I’ve seen him in my dreams a thousand times,
thorn-crowned saliva streaming from his beard.
I see his flesh each time I sit to dine.
His blood appears within my finest wine.
Behold his righteous eyes in all that’s dear.
Centurion! Hold tongue! Do not proceed!
This foolishness you speak becomes you not!
This man? He bleeds like all the others bleed.
To give it thought there isn’t any need.
Within his grave he’ll stay! So let him rot!
That voice o Lord! That voice! I hear it still!
“Forgive them God they know not what they do!
All is accomplished just as you have willed.

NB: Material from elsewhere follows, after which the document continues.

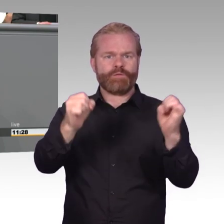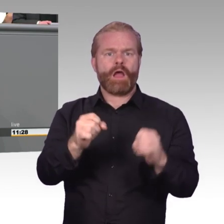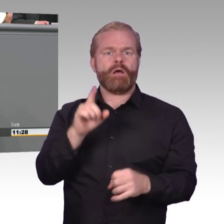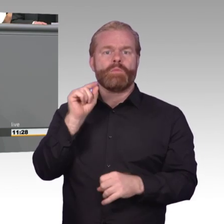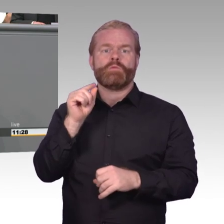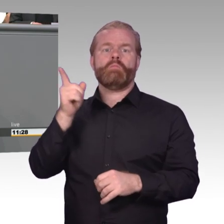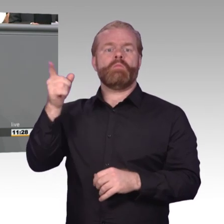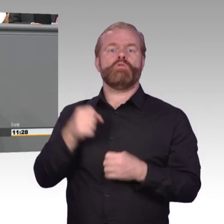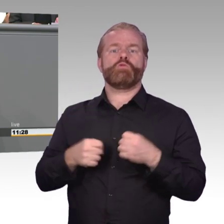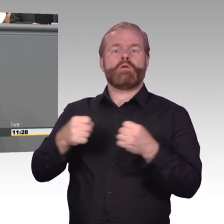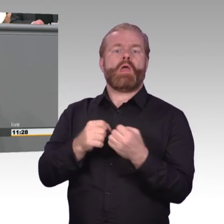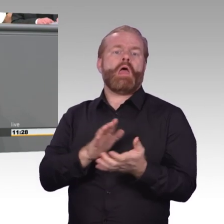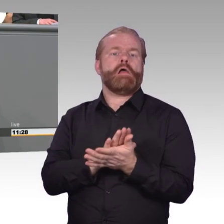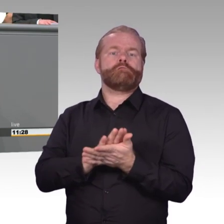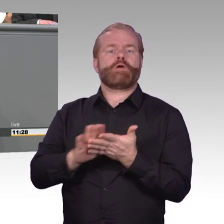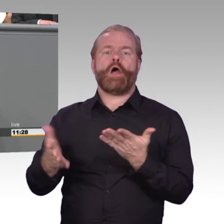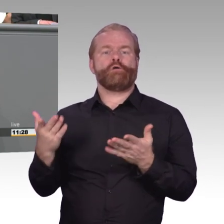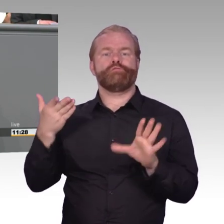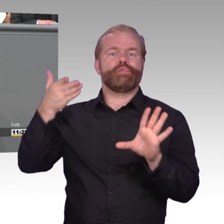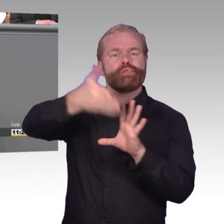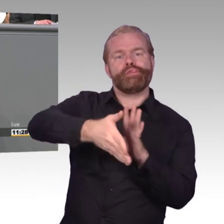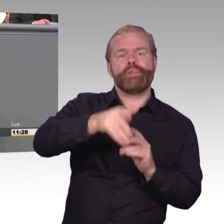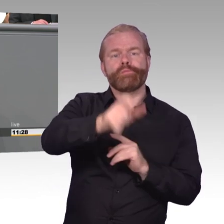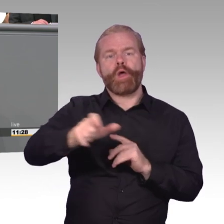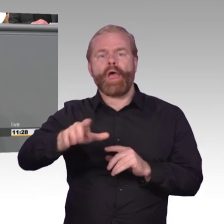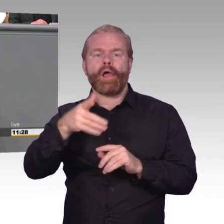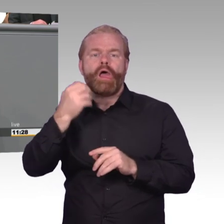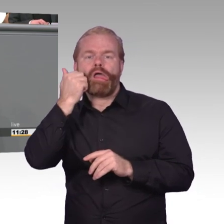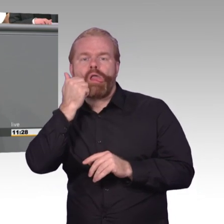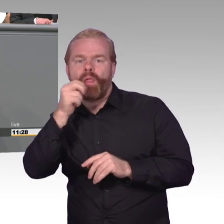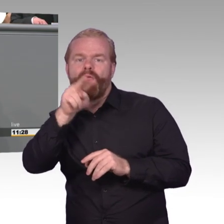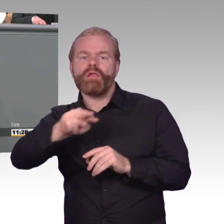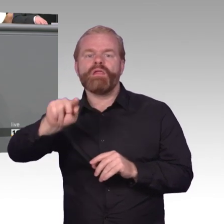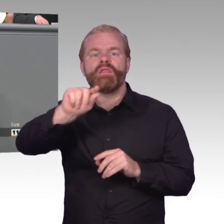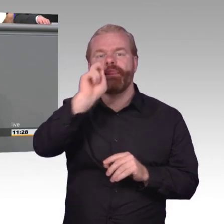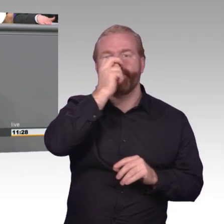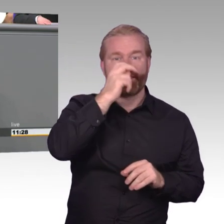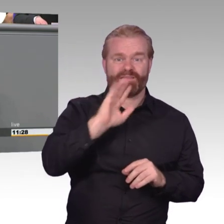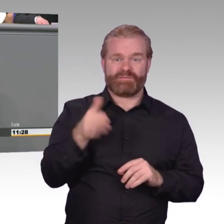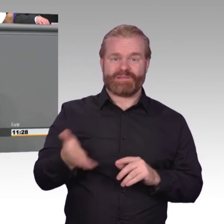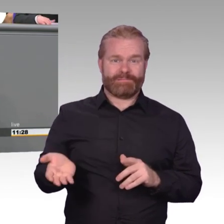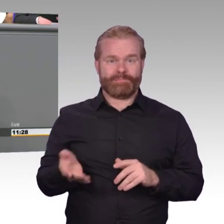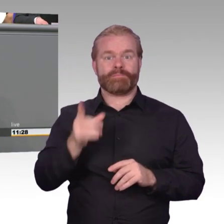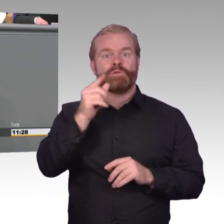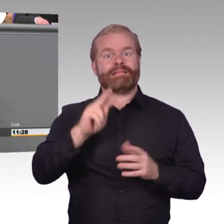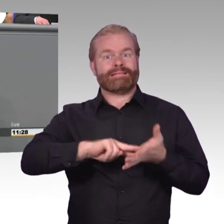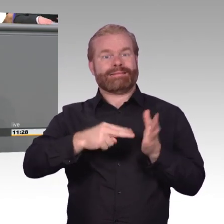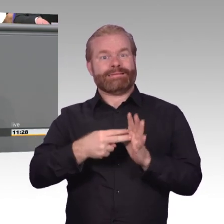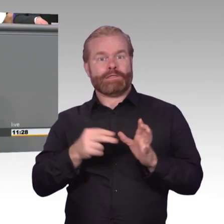manchen Verbrecher in diesem Land, ganz dumme Idee, Herr Scheuer. Die AfD sagt ganz klar Nein zu einer solch anhaltswürden Überwachung aller

All prophecy is now in me fulfilled.
I offer up my spirit now to you.”
And then I thrust my spear into his side
to ascertain that he was really dead.
A horrid wind howled through the countryside.
The quaking ground revealed those who had died
and never had I seen a blood so red.
Compose yourself Centurion! See this sword?
It is for those who Caesar so blaspheme.
Do you declare this Jesus as your Lord?
Reject for him your emperor adored?
Are you believing too this Jewish dream?
I am the man who pierced the Son of God!
Commander, what is this that we have done?
Ten thousand strokes deserve we with a rod.
He was the only one in goodness shod.
If for this I must die-let it be done.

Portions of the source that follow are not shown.